Mike Watson celebrates the social potential of gaming communities. 

There seems to be no end to the daily derision aimed at the millennial generation, and particularly the way they consume media. Glued to their smartphones, PCs and gaming systems, they appear as passive and ethically void entities. At best they are viewed as helplessly beholden to a new virulent strain of media manipulation, at worst they are held responsible for the re-emergence of far-right bigotries—concerning race and gender—that we thought we had moved beyond. Yet perhaps we are too quick to apply outdated media analyses to phenomena that are wildly removed from the media context that they were conceived within.

In the 20th century, immediate cultural interactivity amounted to literally talking back at the television. By the second decade of the 21st century, talking back at the TV has become making the TV, whether that be via gaming, meme production, the posting of homemade videos or the constant publication of combinations of text, video and still images that become incorporated within a vast sensory realm that is constantly updated by its creative audience. Homer Simpson—agitated but essentially apathetic receptacle—is no longer an accurate archetypal model of the beleaguered media consumer. Instead, Lisa Simpson’s saxophone improvisations provide a more fitting account of the new media audience-producer who endures but responds freely to an alienating cultural sphere by producing her own cultural products.

Overwatch’s Zarya, introduced by the company in response to gamers demanding more diversity in representation.

Today, among the forms of internet media most exemplary of the level of free choice we can enjoy are MOBAs, or Massive Online Battle Arena games, such as DOTA (Defence of the Ancients) I and II, League of Legends and Vainglory. These free-to-play games (the first two played on PC or Mac, the latter on mobile devices) feature two teams of three to five players battling to destroy an enemy base accessed via three principal lanes, whilst the enemy seeks to do the same. Games can be played against computer-controlled enemies (‘bots’) or real players drawn from across a pool from within your region, whilst one’s own team members will always be drawn from a player pool or chosen from existing ‘friends’, lending the games a social media aspect. A succession of towers must be destroyed along the way to the enemy base, while computer controlled enemy soldiers (‘minions’) and neutral monsters can be killed for extra gold, which can also be obtained by killing enemy players. That gold can then be spent on weapons, armor, spells and healing potions. The format, which was first seen in a custom version of Warcraft III: Reign of Chaos in 2003 (which was the first Defence of the Ancients), has become hugely popular, with League of Legends (released by Riot Games in 2009) boasting over 100 million individual players a month, and rapidly rising.

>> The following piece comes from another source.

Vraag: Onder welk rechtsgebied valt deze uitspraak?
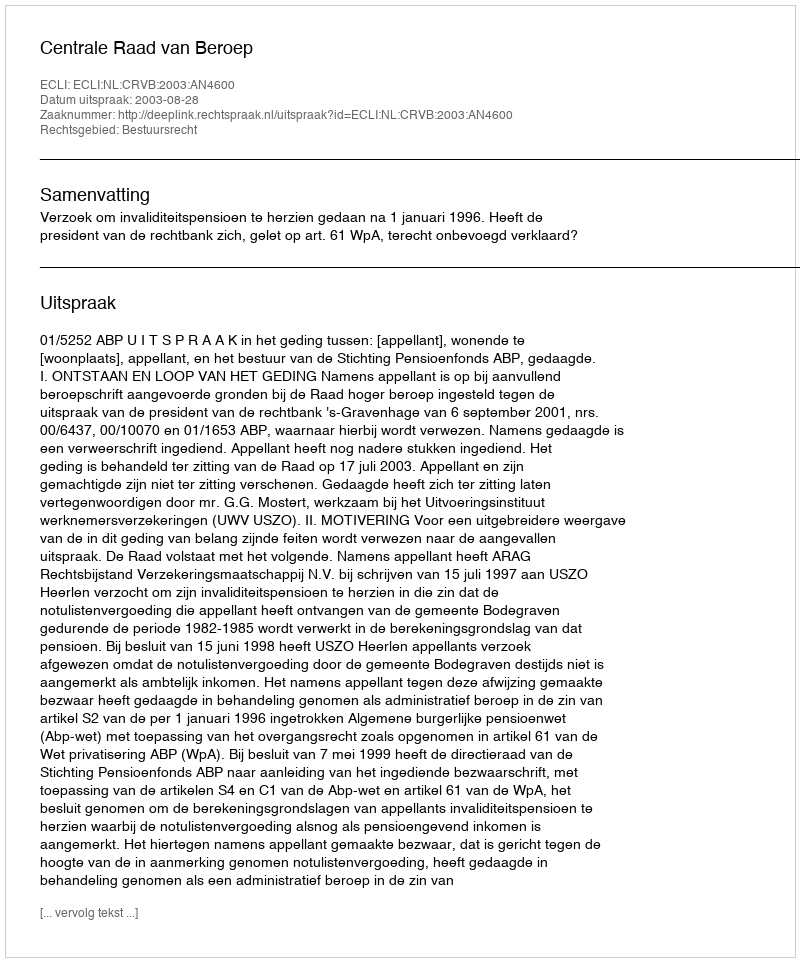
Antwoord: Bestuursrecht

Parallel to this, online streaming services such as Twitch and YouTube’s dedicated gaming channel attract millions of viewers who watch live streams of individual gamers playing MOBA games whilst commenting in a live chat. With a vast network of players interacting globally, choosing from a range of avatars and strategizing gameplay along with fellow gamers from across the continent or world enables the fostering of a type of community, if not the one envisaged by the political left. It must be recalled that, in any case, both Marx and Adorno envisaged capitalism as providing the impetus and the framework but not the actual means for emancipation. Could new media provide a framework for the development of a communal consciousness?

Perhaps the most obvious objection to such a notion is the issue of bigotry as it relates to gaming and online culture more generally. Studies on the way in which new media reproduces real-world prejudices are commonplace. In 2012, Lisa Nakamura wrote in Queer female of color: The highest difficulty setting there is? Gaming rhetoric as gender capital that:

It is abundantly apparent that the more gaming capital becomes identified with white masculinity, the more bitter the battle over its distribution, possession, and circulation will become. As gaming culture becomes more heavily capitalized both economically and symbolically, it becomes both more important for women to gain positions of power as critics, makers, and players, and more likely that it will be denied.

As much as sexism (for example) is not the fault of games or memes, there is a very real sense in which the portrayal of women in gaming reinforces gender stereotypes, often being clearly sexualised for the pleasure of the male player. The success of the attempts to introduce more varied female roles has been questionable. Blizzard, the makers of the first person team shoot-em-up Overwatch (released in 2016) released this statement upon the introduction of the character Zarya—a Siberian weightlifter— to the platform, as a response to fan feedback:

We’ve been hearing a lot of discussion among players about the need for diversity in video games. That means a lot of things. They want to see gender diversity, they want to see racial diversity, they want to see diversity along the lines of what country people are from. There is also talk about diversity in different body types in that not everybody wants to have the exact same body type always represented. And we just want you to know that we’re listening and we’re trying hard and we hope Zarya is a step in the right direction.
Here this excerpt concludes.